Keine Zahlen zu laufenden Enforcement-Verfahren
Auf Anfrage von finews wollte die Finma keine konkreten Angaben zur Zahl laufender Verfahren machen. Sie verweist auf die Vertraulichkeit ihrer Aufsichtstätigkeit und hält fest, sie äussere sich «grundsätzlich nicht zu einzelnen Untersuchungen oder Verfahren».
Stattdessen verweist die Behörde auf generelle Prinzipien ihrer Tätigkeit. So betont sie insbesondere den Grundsatz der Proportionalität: Je kleiner ein Institut und je geringer dessen Risiken, desto stärker würden Institute von aufsichtsrechtlichen Pflichten entlastet. Die Schweiz nehme hier mit dem Kleinbankenregime international eine besondere Rolle ein. Auch ausserhalb dieses Regimes gebe es umfangreiche Erleichterungen für kleinere Banken. Sie seien auch unterproportional Gegenstand von Vor-Ort-Kontrollen.
Statement der Finma
Gleichzeitig macht die Finma deutlich, dass solche Erwägungen beim Enforcement allerdings keine Rolle spielen: «Beim Schutz von Gläubigerinnen und Gläubigern, Anlegerinnen und Anlegern und Versicherten gibt es keine Kompromisse», schreibt die Behörde. «Vorschriften zur Geldwäschereibekämpfung, zum Risikomanagement im grenzüberschreitenden Geschäft oder zum Kundenschutz müssen von allen Instituten eingehalten werden. Ob kleine oder grosse Institute: Erlangt die Finma Hinweise auf mögliche Verletzungen von Schweizer Finanzmarktrecht, dann geht sie diesen konsequent nach und ergreift bei Bedarf Massnahmen.»
Ob die Zahl der Verfahren zuletzt zugenommen hat oder wie viele Enforcement-Verfahren aktuell gegen Banken pendent sind, beantwortet die Aufsicht jedoch nicht. Sie verweist hierzu lediglich auf ihre allgemeinen Enforcement-Statistiken, die über die Anzahl jährlich abgeschlossener Enforcement-Verfahren (zuletzt für 2024) Aufschluss geben.
Langwierig und teuer
Unabhängig von der Frage, ob die Aufsicht ihre Praxis tatsächlich verschärft hat, fällt der zeitliche Kontext auf. Die Zahl der Schweizer Privatbanken sinkt seit Jahren, insbesondere kleinere Institute stehen unter zunehmendem Kosten-, Regulierungs- und Margendruck. Der Konsolidierungsprozess beschleunigt sich.

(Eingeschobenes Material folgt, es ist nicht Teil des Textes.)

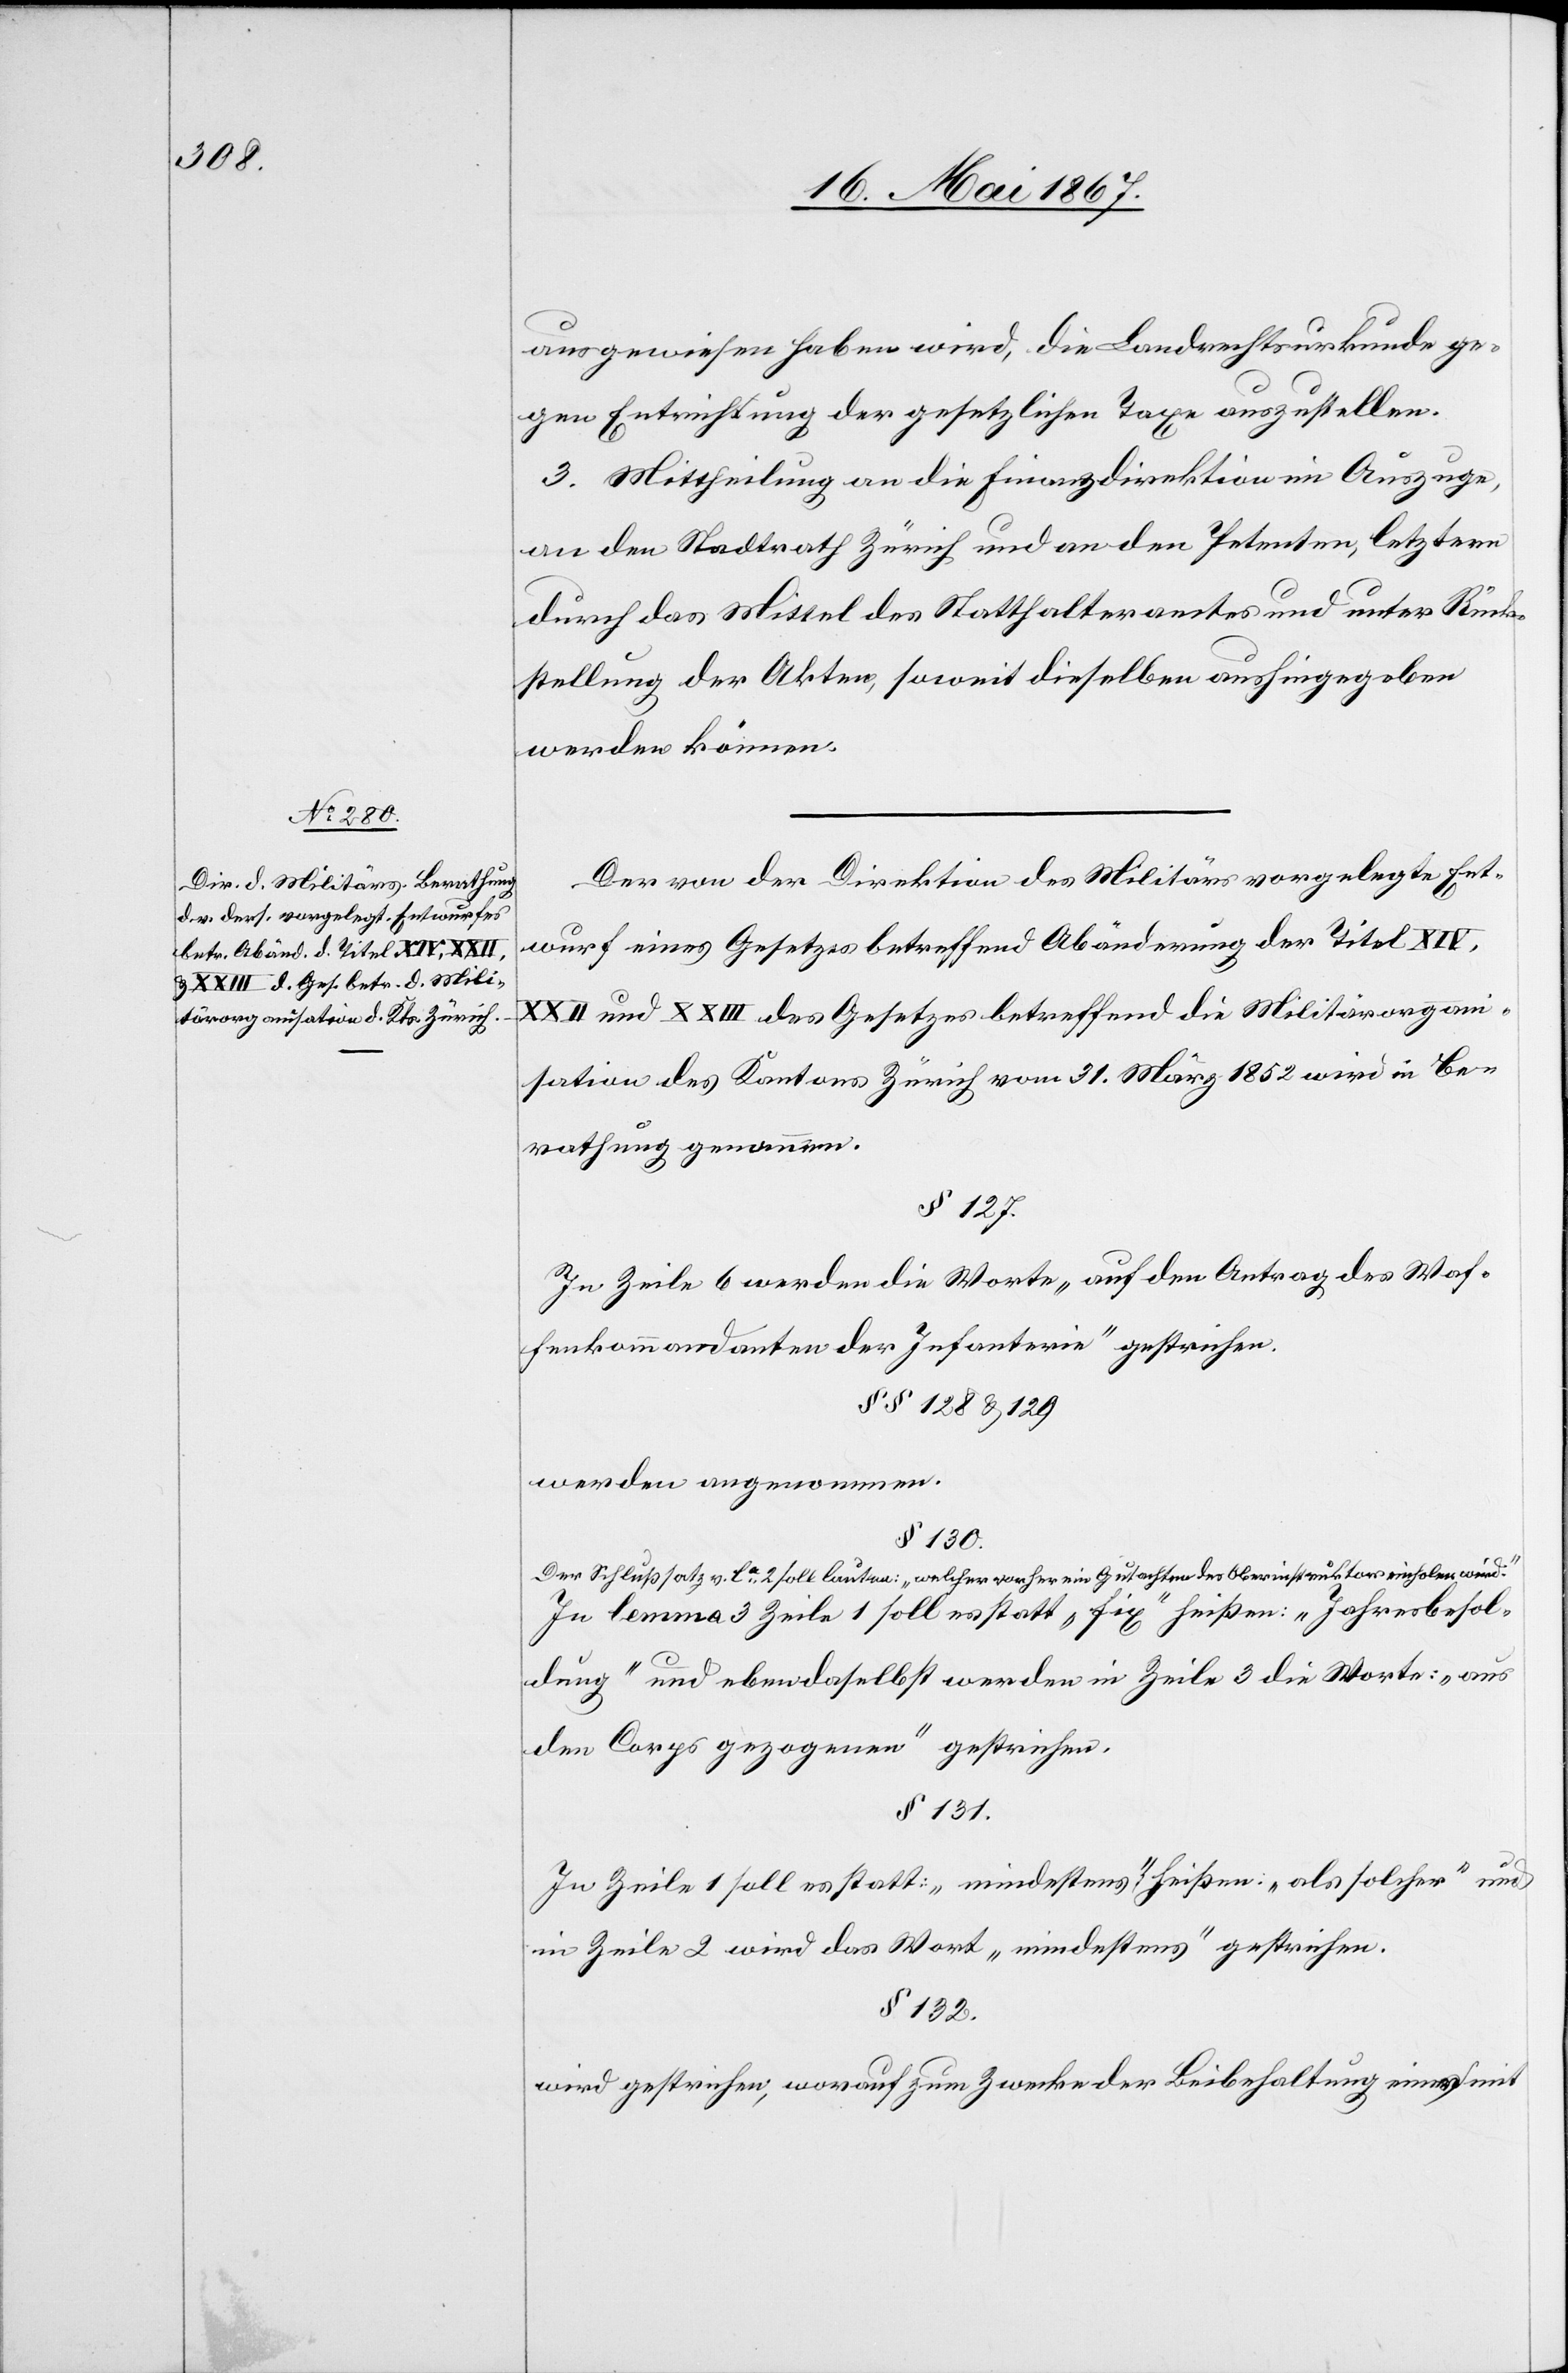
ausgewiesen haben wird, die Landrechtsurkunde ge¬
gen Entrichtung der gesetzlichen Taxe auszustellen.
3. Mittheilung an die Finanzdirektion im Auszuge,
an den Stadtrath Zürich und an den Petenten, letztern
durch das Mittel des Statthalteramtes und unter Rück¬
stellung der Akten, soweit dieselben aushingegeben
werden können.
Der von der Direktion des Militärs vorgelegte Ent¬
wurf eines Gesetzes betreffend Abänderung der Titel XIV,
XXII und XXIII des Gesetzes betreffend die Militärorgan¬
isation des Kantons Zürich vom 31. März 1852 wird in Be¬
rathung genommen.
§ 127.
In Zeile 6 werden die Worte „auf den Antrag des Waf¬
fenkommandanten der Infanterie“ gestrichen.
§§ 128 u. 129
werden angenommen.
§ 130.
Der Schlußsatz v. la 2 soll lauten: „welcher vorher ein Gutachten des Oberinstruktors einholen wird.“
In lemma 3 Zeile 1 soll es statt „fix“ heißen: „Jahresbesol¬
dung“ und ebendaselbst werden in Zeile 3 die Worte: „aus
den Corps gezogen“ gestrichen.
§ 131.
In Zeile 1 soll es statt: „mindestens“ heißen: „als solcher“ und
in Zeile 2 wird das Wort „mindestens“ gestrichen.
§ 132.
wird gestrichen, worauf zum Zwecke der Beibehaltung einer mit

In diesem Umfeld entfalten Enforcement-Verfahren eine besondere Wirkung. Während grössere und stärker diversifizierte Häuser ein solches Verfahren organisatorisch meist auffangen und innerhalb der Firmenstruktur isolieren können, kann es für kleinere Banken an die Substanz gehen. Die Einsetzung eines Untersuchungsbeauftragten durch die Finma – häufig eine Wirtschaftsprüfgesellschaft – greift tief in den operativen Betrieb ein, kann Neugeschäft verhindern, bindet Management-Ressourcen und verursacht erhebliche Zusatzkosten.
Kläger und Richter in erster Instanz
Solche Mandate laufen typischerweise über längere Zeiträume und können sich im Verlauf erweitern, etwa wenn zusätzliche Sachverhalte abgeklärt werden. Für kleinere Institute kann das Verfahren damit rasch zum dominierenden strategischen Thema werden – unabhängig vom materiellen Ausgang.
Hinzu kommt die rechtliche Struktur der Verfahren. Ein und dieselbe Finma-Abteilung führt die Untersuchung und den Erlass der Verfügung durch; währenddessen können Betroffene keine internen Rechtswege beschreiten. Eine alllfällige gerichtliche Überprüfung erfolgt erst im Anschluss durch das Bundesverwaltungsgericht. Bis zu einer rechtskräftigen Beurteilung können daher Jahre vergehen.
Verlust an Wettbewerb und Vielfalt
So entsteht ein Effekt, der über den Einzelfall hinausreicht: Selbst wenn, wie die Finma sagt, das Enforcement primär aufsichtsrechtlich motiviert ist, wirkt es als zusätzlicher Beschleuniger der Konsolidierung im Schweizer Privatbankensektor.
Dies mag aus aufsichtsökonomischen Erwägungen willkommen sein, bewirkt aber langfristig einen Verlust an Vielfalt und Wettbewerb.